Когда сели ужинать, Степан попросил «испить с устатку» жбан браги. Мать поставила брагу. Он отхлебнул глоток и сделал замечание:
– Беда, какая ядрёная! Для меня пожиже надо варить да сахару класть.
– О чём разговор! – согласилась бабушка. – Сказано – сделано.
Об охоте Стёпа не начинал разговора первым. Это могло выглядеть несолидно. И лишь когда вернувшийся с заимки отец спросил его: «Как зверовали, мужики?» – Стёпа скупо рассказал об охоте, не роняя моего достоинства, а даже похвалил меня:
– Из Фёдора будет толк. Может…
Взрослые переглянулись, не обронив, однако, ни единой усмешки.
Перед сном мать мыла Стёпу в корыте на кухне. Стёпа капризничал, скандалил. Жаловался на мыло, которое ему ест глаза. Потом ему велели выпить кружку парного молока и уложили спать.
Толковый мальчик
Из всех дедушкиных былей-небылей Миша больше всего любил рассказ про хмельную вишню. Рассказ про то, как жадная мельничиха, чтобы не выбрасывать вишню, на которой настаивала настойку, решила скормить ягоды уткам. И как утки съели эти хмельные ягоды и повалились вверх лапками.

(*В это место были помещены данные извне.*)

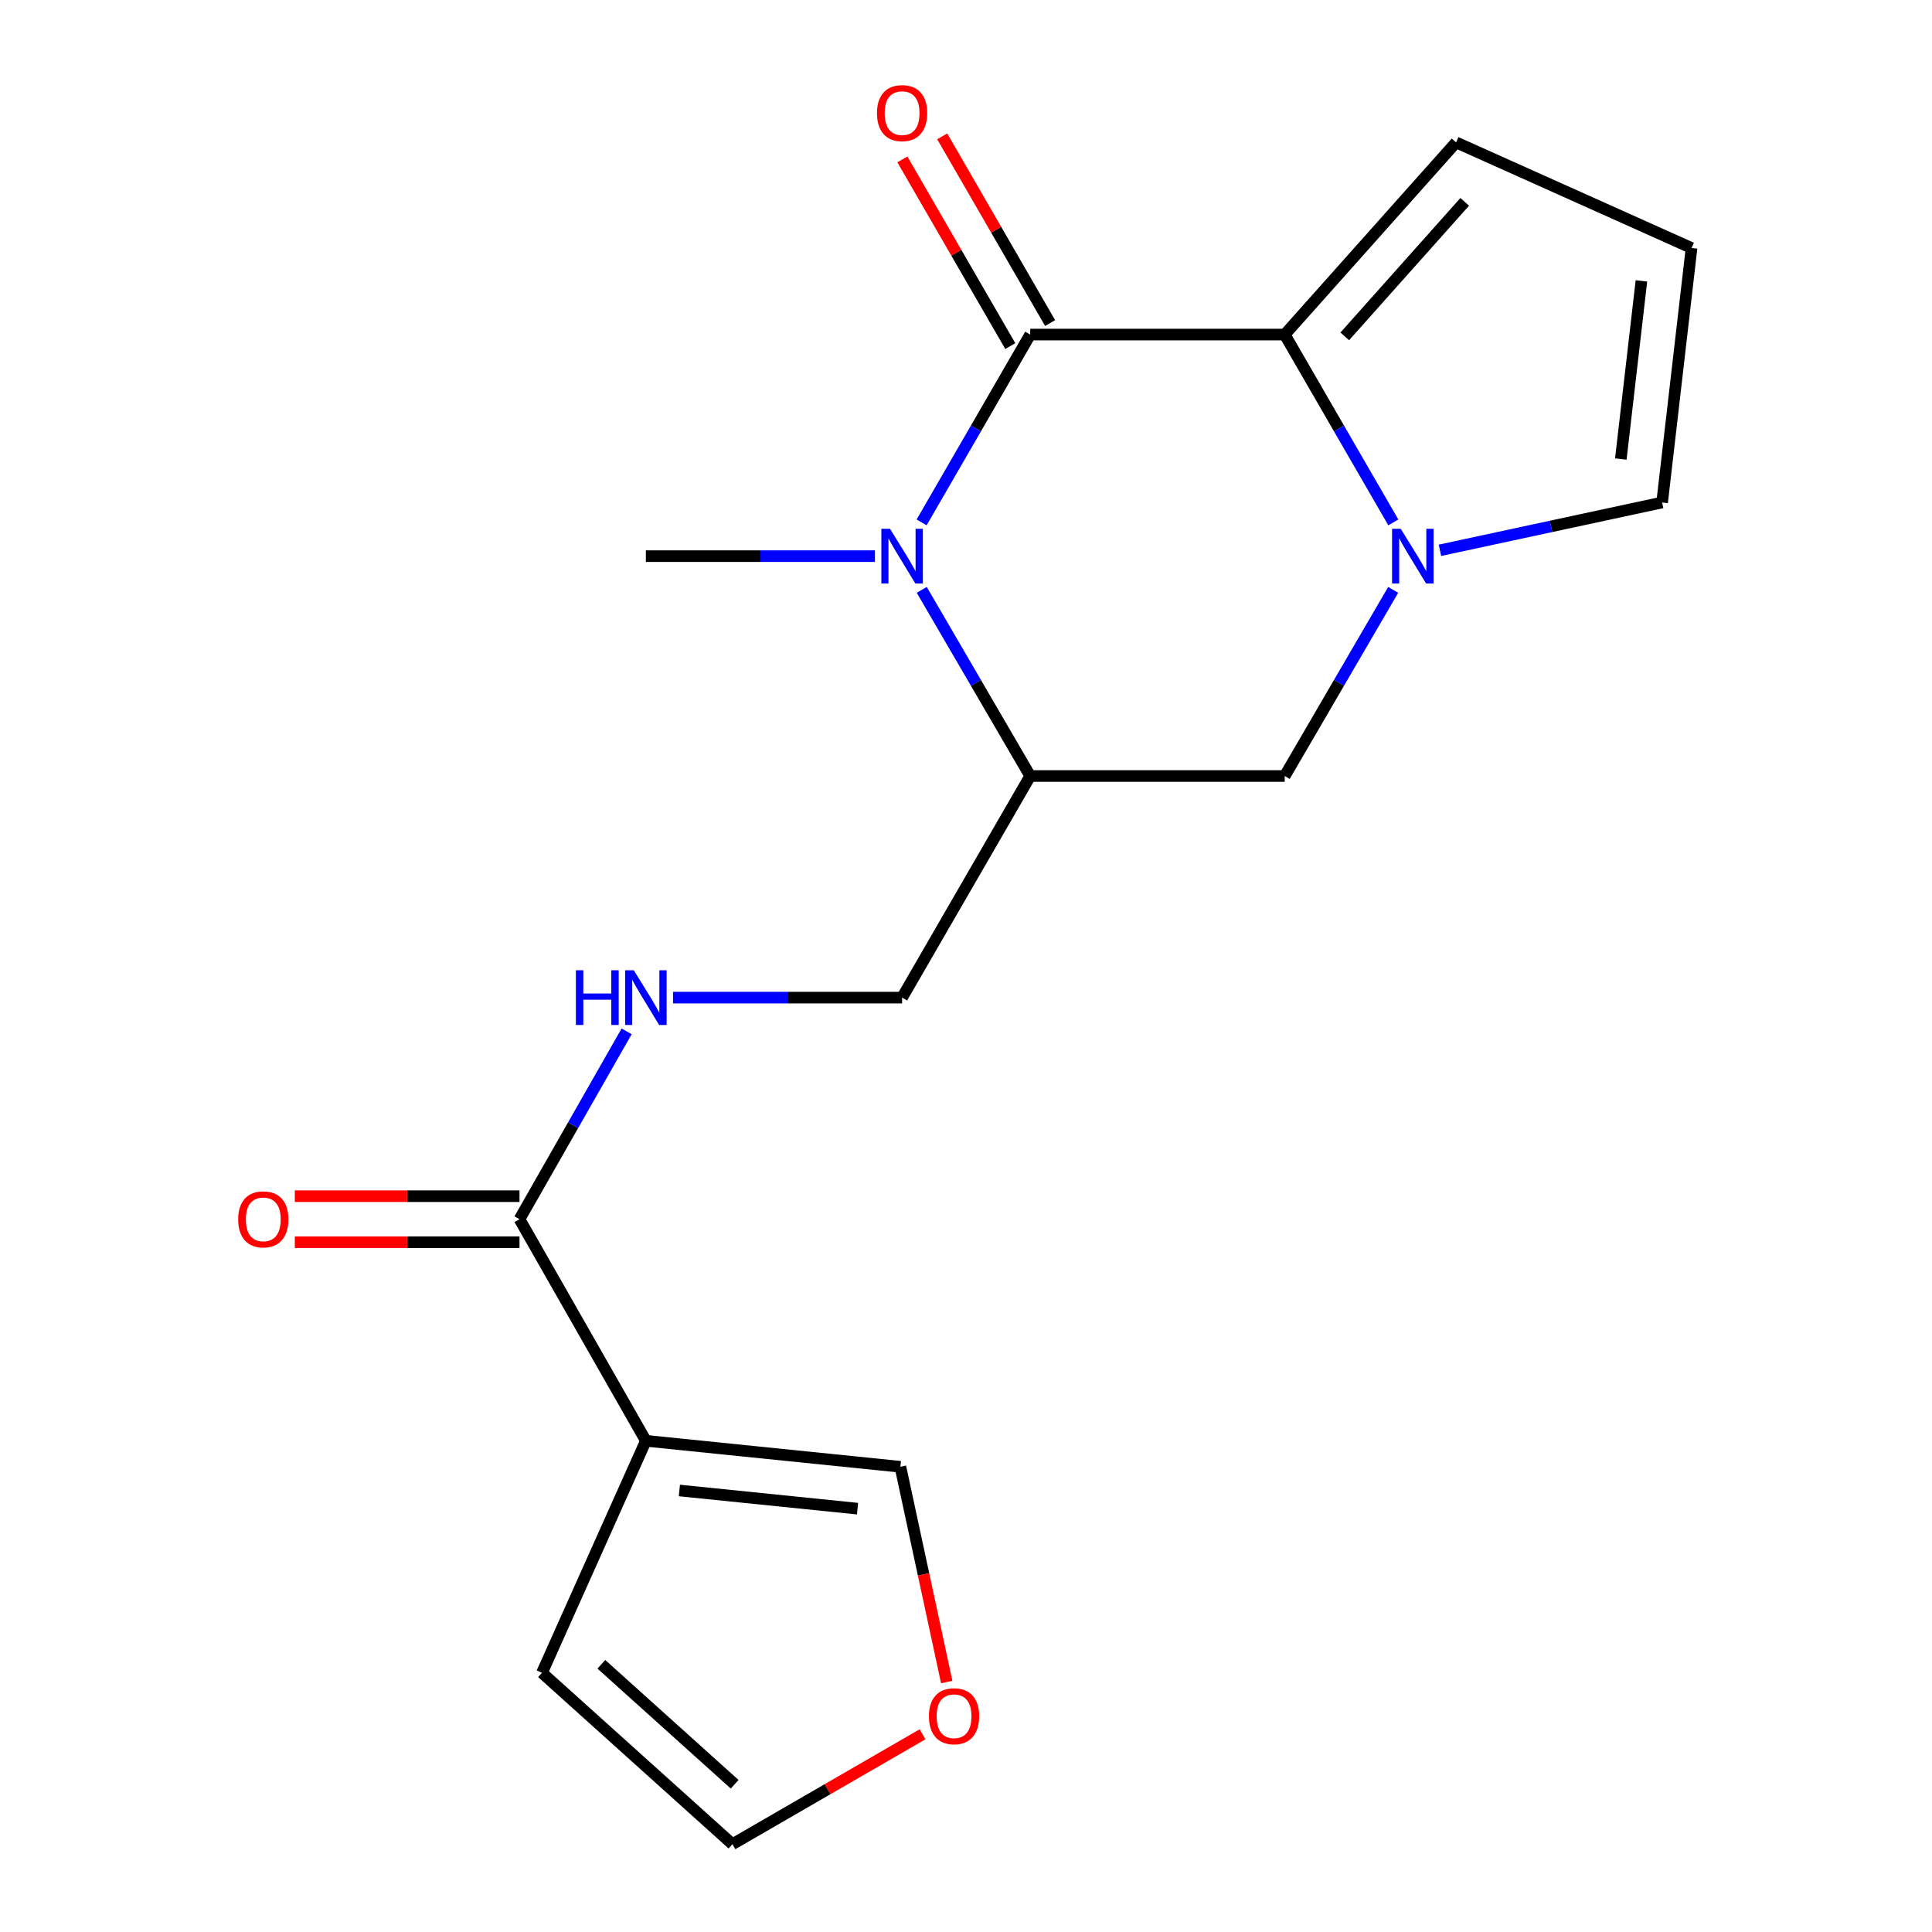 <?xml version='1.0' encoding='iso-8859-1'?>
<svg version='1.1' baseProfile='full'
              xmlns='http://www.w3.org/2000/svg'
                      xmlns:rdkit='http://www.rdkit.org/xml'
                      xmlns:xlink='http://www.w3.org/1999/xlink'
                  xml:space='preserve'
width='1000px' height='1000px' viewBox='0 0 1000 1000'>
<!-- END OF HEADER -->
<rect style='opacity:1.0;fill:#FFFFFF;stroke:none' width='1000' height='1000' x='0' y='0'> </rect>
<path class='bond-0' d='M 533.234,173.172 L 505.13,221.781' style='fill:none;fill-rule:evenodd;stroke:#000000;stroke-width:6px;stroke-linecap:butt;stroke-linejoin:miter;stroke-opacity:1' />
<path class='bond-0' d='M 505.13,221.781 L 477.026,270.39' style='fill:none;fill-rule:evenodd;stroke:#0000FF;stroke-width:6px;stroke-linecap:butt;stroke-linejoin:miter;stroke-opacity:1' />
<path class='bond-1' d='M 533.234,173.172 L 664.967,173.172' style='fill:none;fill-rule:evenodd;stroke:#000000;stroke-width:6px;stroke-linecap:butt;stroke-linejoin:miter;stroke-opacity:1' />
<path class='bond-2' d='M 543.544,167.212 L 515.613,118.897' style='fill:none;fill-rule:evenodd;stroke:#000000;stroke-width:6px;stroke-linecap:butt;stroke-linejoin:miter;stroke-opacity:1' />
<path class='bond-2' d='M 515.613,118.897 L 487.682,70.582' style='fill:none;fill-rule:evenodd;stroke:#FF0000;stroke-width:6px;stroke-linecap:butt;stroke-linejoin:miter;stroke-opacity:1' />
<path class='bond-2' d='M 522.923,179.133 L 494.992,130.818' style='fill:none;fill-rule:evenodd;stroke:#000000;stroke-width:6px;stroke-linecap:butt;stroke-linejoin:miter;stroke-opacity:1' />
<path class='bond-2' d='M 494.992,130.818 L 467.061,82.503' style='fill:none;fill-rule:evenodd;stroke:#FF0000;stroke-width:6px;stroke-linecap:butt;stroke-linejoin:miter;stroke-opacity:1' />
<path class='bond-3' d='M 477.093,305.314 L 505.163,353.489' style='fill:none;fill-rule:evenodd;stroke:#0000FF;stroke-width:6px;stroke-linecap:butt;stroke-linejoin:miter;stroke-opacity:1' />
<path class='bond-3' d='M 505.163,353.489 L 533.234,401.664' style='fill:none;fill-rule:evenodd;stroke:#000000;stroke-width:6px;stroke-linecap:butt;stroke-linejoin:miter;stroke-opacity:1' />
<path class='bond-4' d='M 452.868,287.861 L 393.586,287.861' style='fill:none;fill-rule:evenodd;stroke:#0000FF;stroke-width:6px;stroke-linecap:butt;stroke-linejoin:miter;stroke-opacity:1' />
<path class='bond-4' d='M 393.586,287.861 L 334.304,287.861' style='fill:none;fill-rule:evenodd;stroke:#000000;stroke-width:6px;stroke-linecap:butt;stroke-linejoin:miter;stroke-opacity:1' />
<path class='bond-5' d='M 664.967,173.172 L 693.071,221.781' style='fill:none;fill-rule:evenodd;stroke:#000000;stroke-width:6px;stroke-linecap:butt;stroke-linejoin:miter;stroke-opacity:1' />
<path class='bond-5' d='M 693.071,221.781 L 721.175,270.39' style='fill:none;fill-rule:evenodd;stroke:#0000FF;stroke-width:6px;stroke-linecap:butt;stroke-linejoin:miter;stroke-opacity:1' />
<path class='bond-6' d='M 664.967,173.172 L 753.666,73.701' style='fill:none;fill-rule:evenodd;stroke:#000000;stroke-width:6px;stroke-linecap:butt;stroke-linejoin:miter;stroke-opacity:1' />
<path class='bond-6' d='M 696.049,174.104 L 758.139,104.474' style='fill:none;fill-rule:evenodd;stroke:#000000;stroke-width:6px;stroke-linecap:butt;stroke-linejoin:miter;stroke-opacity:1' />
<path class='bond-7' d='M 721.107,305.314 L 693.037,353.489' style='fill:none;fill-rule:evenodd;stroke:#0000FF;stroke-width:6px;stroke-linecap:butt;stroke-linejoin:miter;stroke-opacity:1' />
<path class='bond-7' d='M 693.037,353.489 L 664.967,401.664' style='fill:none;fill-rule:evenodd;stroke:#000000;stroke-width:6px;stroke-linecap:butt;stroke-linejoin:miter;stroke-opacity:1' />
<path class='bond-8' d='M 745.316,284.839 L 802.813,272.463' style='fill:none;fill-rule:evenodd;stroke:#0000FF;stroke-width:6px;stroke-linecap:butt;stroke-linejoin:miter;stroke-opacity:1' />
<path class='bond-8' d='M 802.813,272.463 L 860.31,260.086' style='fill:none;fill-rule:evenodd;stroke:#000000;stroke-width:6px;stroke-linecap:butt;stroke-linejoin:miter;stroke-opacity:1' />
<path class='bond-9' d='M 334.304,745.758 L 268.894,631.055' style='fill:none;fill-rule:evenodd;stroke:#000000;stroke-width:6px;stroke-linecap:butt;stroke-linejoin:miter;stroke-opacity:1' />
<path class='bond-10' d='M 334.304,745.758 L 466.037,759.202' style='fill:none;fill-rule:evenodd;stroke:#000000;stroke-width:6px;stroke-linecap:butt;stroke-linejoin:miter;stroke-opacity:1' />
<path class='bond-10' d='M 351.646,771.47 L 443.859,780.882' style='fill:none;fill-rule:evenodd;stroke:#000000;stroke-width:6px;stroke-linecap:butt;stroke-linejoin:miter;stroke-opacity:1' />
<path class='bond-11' d='M 334.304,745.758 L 280.539,865.832' style='fill:none;fill-rule:evenodd;stroke:#000000;stroke-width:6px;stroke-linecap:butt;stroke-linejoin:miter;stroke-opacity:1' />
<path class='bond-12' d='M 533.234,401.664 L 466.924,516.366' style='fill:none;fill-rule:evenodd;stroke:#000000;stroke-width:6px;stroke-linecap:butt;stroke-linejoin:miter;stroke-opacity:1' />
<path class='bond-13' d='M 533.234,401.664 L 664.967,401.664' style='fill:none;fill-rule:evenodd;stroke:#000000;stroke-width:6px;stroke-linecap:butt;stroke-linejoin:miter;stroke-opacity:1' />
<path class='bond-14' d='M 268.894,631.055 L 296.62,582.441' style='fill:none;fill-rule:evenodd;stroke:#000000;stroke-width:6px;stroke-linecap:butt;stroke-linejoin:miter;stroke-opacity:1' />
<path class='bond-14' d='M 296.62,582.441 L 324.346,533.827' style='fill:none;fill-rule:evenodd;stroke:#0000FF;stroke-width:6px;stroke-linecap:butt;stroke-linejoin:miter;stroke-opacity:1' />
<path class='bond-15' d='M 268.894,619.146 L 210.742,619.146' style='fill:none;fill-rule:evenodd;stroke:#000000;stroke-width:6px;stroke-linecap:butt;stroke-linejoin:miter;stroke-opacity:1' />
<path class='bond-15' d='M 210.742,619.146 L 152.59,619.146' style='fill:none;fill-rule:evenodd;stroke:#FF0000;stroke-width:6px;stroke-linecap:butt;stroke-linejoin:miter;stroke-opacity:1' />
<path class='bond-15' d='M 268.894,642.965 L 210.742,642.965' style='fill:none;fill-rule:evenodd;stroke:#000000;stroke-width:6px;stroke-linecap:butt;stroke-linejoin:miter;stroke-opacity:1' />
<path class='bond-15' d='M 210.742,642.965 L 152.59,642.965' style='fill:none;fill-rule:evenodd;stroke:#FF0000;stroke-width:6px;stroke-linecap:butt;stroke-linejoin:miter;stroke-opacity:1' />
<path class='bond-16' d='M 348.36,516.366 L 407.642,516.366' style='fill:none;fill-rule:evenodd;stroke:#0000FF;stroke-width:6px;stroke-linecap:butt;stroke-linejoin:miter;stroke-opacity:1' />
<path class='bond-16' d='M 407.642,516.366 L 466.924,516.366' style='fill:none;fill-rule:evenodd;stroke:#000000;stroke-width:6px;stroke-linecap:butt;stroke-linejoin:miter;stroke-opacity:1' />
<path class='bond-17' d='M 860.31,260.086 L 875.541,128.366' style='fill:none;fill-rule:evenodd;stroke:#000000;stroke-width:6px;stroke-linecap:butt;stroke-linejoin:miter;stroke-opacity:1' />
<path class='bond-17' d='M 838.933,237.592 L 849.595,145.388' style='fill:none;fill-rule:evenodd;stroke:#000000;stroke-width:6px;stroke-linecap:butt;stroke-linejoin:miter;stroke-opacity:1' />
<path class='bond-18' d='M 753.666,73.701 L 875.541,128.366' style='fill:none;fill-rule:evenodd;stroke:#000000;stroke-width:6px;stroke-linecap:butt;stroke-linejoin:miter;stroke-opacity:1' />
<path class='bond-19' d='M 466.037,759.202 L 478.029,814.909' style='fill:none;fill-rule:evenodd;stroke:#000000;stroke-width:6px;stroke-linecap:butt;stroke-linejoin:miter;stroke-opacity:1' />
<path class='bond-19' d='M 478.029,814.909 L 490.02,870.616' style='fill:none;fill-rule:evenodd;stroke:#FF0000;stroke-width:6px;stroke-linecap:butt;stroke-linejoin:miter;stroke-opacity:1' />
<path class='bond-20' d='M 280.539,865.832 L 379.111,954.545' style='fill:none;fill-rule:evenodd;stroke:#000000;stroke-width:6px;stroke-linecap:butt;stroke-linejoin:miter;stroke-opacity:1' />
<path class='bond-20' d='M 311.259,861.435 L 380.259,923.534' style='fill:none;fill-rule:evenodd;stroke:#000000;stroke-width:6px;stroke-linecap:butt;stroke-linejoin:miter;stroke-opacity:1' />
<path class='bond-21' d='M 477.501,897.666 L 428.306,926.106' style='fill:none;fill-rule:evenodd;stroke:#FF0000;stroke-width:6px;stroke-linecap:butt;stroke-linejoin:miter;stroke-opacity:1' />
<path class='bond-21' d='M 428.306,926.106 L 379.111,954.545' style='fill:none;fill-rule:evenodd;stroke:#000000;stroke-width:6px;stroke-linecap:butt;stroke-linejoin:miter;stroke-opacity:1' />
<path  class='atom-1' d='M 460.664 273.701
L 469.944 288.701
Q 470.864 290.181, 472.344 292.861
Q 473.824 295.541, 473.904 295.701
L 473.904 273.701
L 477.664 273.701
L 477.664 302.021
L 473.784 302.021
L 463.824 285.621
Q 462.664 283.701, 461.424 281.501
Q 460.224 279.301, 459.864 278.621
L 459.864 302.021
L 456.184 302.021
L 456.184 273.701
L 460.664 273.701
' fill='#0000FF'/>
<path  class='atom-3' d='M 725.016 273.701
L 734.296 288.701
Q 735.216 290.181, 736.696 292.861
Q 738.176 295.541, 738.256 295.701
L 738.256 273.701
L 742.016 273.701
L 742.016 302.021
L 738.136 302.021
L 728.176 285.621
Q 727.016 283.701, 725.776 281.501
Q 724.576 279.301, 724.216 278.621
L 724.216 302.021
L 720.536 302.021
L 720.536 273.701
L 725.016 273.701
' fill='#0000FF'/>
<path  class='atom-8' d='M 298.084 502.206
L 301.924 502.206
L 301.924 514.246
L 316.404 514.246
L 316.404 502.206
L 320.244 502.206
L 320.244 530.526
L 316.404 530.526
L 316.404 517.446
L 301.924 517.446
L 301.924 530.526
L 298.084 530.526
L 298.084 502.206
' fill='#0000FF'/>
<path  class='atom-8' d='M 328.044 502.206
L 337.324 517.206
Q 338.244 518.686, 339.724 521.366
Q 341.204 524.046, 341.284 524.206
L 341.284 502.206
L 345.044 502.206
L 345.044 530.526
L 341.164 530.526
L 331.204 514.126
Q 330.044 512.206, 328.804 510.006
Q 327.604 507.806, 327.244 507.126
L 327.244 530.526
L 323.564 530.526
L 323.564 502.206
L 328.044 502.206
' fill='#0000FF'/>
<path  class='atom-11' d='M 453.924 58.55
Q 453.924 51.75, 457.284 47.95
Q 460.644 44.15, 466.924 44.15
Q 473.204 44.15, 476.564 47.95
Q 479.924 51.75, 479.924 58.55
Q 479.924 65.43, 476.524 69.35
Q 473.124 73.23, 466.924 73.23
Q 460.684 73.23, 457.284 69.35
Q 453.924 65.47, 453.924 58.55
M 466.924 70.03
Q 471.244 70.03, 473.564 67.15
Q 475.924 64.23, 475.924 58.55
Q 475.924 52.99, 473.564 50.19
Q 471.244 47.35, 466.924 47.35
Q 462.604 47.35, 460.244 50.15
Q 457.924 52.95, 457.924 58.55
Q 457.924 64.27, 460.244 67.15
Q 462.604 70.03, 466.924 70.03
' fill='#FF0000'/>
<path  class='atom-16' d='M 480.813 888.316
Q 480.813 881.516, 484.173 877.716
Q 487.533 873.916, 493.813 873.916
Q 500.093 873.916, 503.453 877.716
Q 506.813 881.516, 506.813 888.316
Q 506.813 895.196, 503.413 899.116
Q 500.013 902.996, 493.813 902.996
Q 487.573 902.996, 484.173 899.116
Q 480.813 895.236, 480.813 888.316
M 493.813 899.796
Q 498.133 899.796, 500.453 896.916
Q 502.813 893.996, 502.813 888.316
Q 502.813 882.756, 500.453 879.956
Q 498.133 877.116, 493.813 877.116
Q 489.493 877.116, 487.133 879.916
Q 484.813 882.716, 484.813 888.316
Q 484.813 894.036, 487.133 896.916
Q 489.493 899.796, 493.813 899.796
' fill='#FF0000'/>
<path  class='atom-17' d='M 123.275 631.135
Q 123.275 624.335, 126.635 620.535
Q 129.995 616.735, 136.275 616.735
Q 142.555 616.735, 145.915 620.535
Q 149.275 624.335, 149.275 631.135
Q 149.275 638.015, 145.875 641.935
Q 142.475 645.815, 136.275 645.815
Q 130.035 645.815, 126.635 641.935
Q 123.275 638.055, 123.275 631.135
M 136.275 642.615
Q 140.595 642.615, 142.915 639.735
Q 145.275 636.815, 145.275 631.135
Q 145.275 625.575, 142.915 622.775
Q 140.595 619.935, 136.275 619.935
Q 131.955 619.935, 129.595 622.735
Q 127.275 625.535, 127.275 631.135
Q 127.275 636.855, 129.595 639.735
Q 131.955 642.615, 136.275 642.615
' fill='#FF0000'/>
</svg>

Очень смеялся Миша, когда жадная мельничиха хмельных уток приняла за дохлых и ощипала их до перышка, чтобы добро не пропадало.
Ещё громче хохотал Миша над концом рассказа, когда голые, ощипанные утки в себя пришли. Ожили. На ноги поднялись, и мельничиха на всю улицу выла: уток жалела.
И дед хохотал, рассказывая внуку эту смешную байку.
А внук вдруг задумался и сказал:
– А что, дедушка, если лесную птицу хмельными ягодами накормить… Бери тогда большущих тетеревов без ружья.
Дед вначале посмеялся над внуковой выдумкой, а потом задумался. И было над чем.
В тайге зимой тетерева держатся стайками. Голодные птицы падки на всякую пищу. И если насыпать тетеревам хмельных можжевеловых ягод, брусники, черники и всего того, чем они кормятся, может быть, и в самом деле без ружья можно будет птицу добывать.
Поразмыслил дед над внуковой подсказкой и принялся настаивать хмельные ягоды. Хоть и не верил дед в эту хитрость, а отчего не попробовать, внука не потешить.
Настоял дед множество ягод. Чуть не целое лукошко их наморозил. Отправился с внуком в тайгу на тетеревиное место. Поставил кормушечку в виде столика, насыпал на стол хмельное угощение и был таков.
– Вечером, внук, придём. Посмотрим, что будет.
Пришёл Миша с дедом под вечерок. Крадутся к полянке. Видят: по кормушке большущий тетерев ходит. Пошатывается.
– Не спугнуть бы, – предупреждает дед.
Какое там! Тетерев себя не помнит – никого не видит. Бормочет, как пьяный дурак. Бери и клади его в мешок.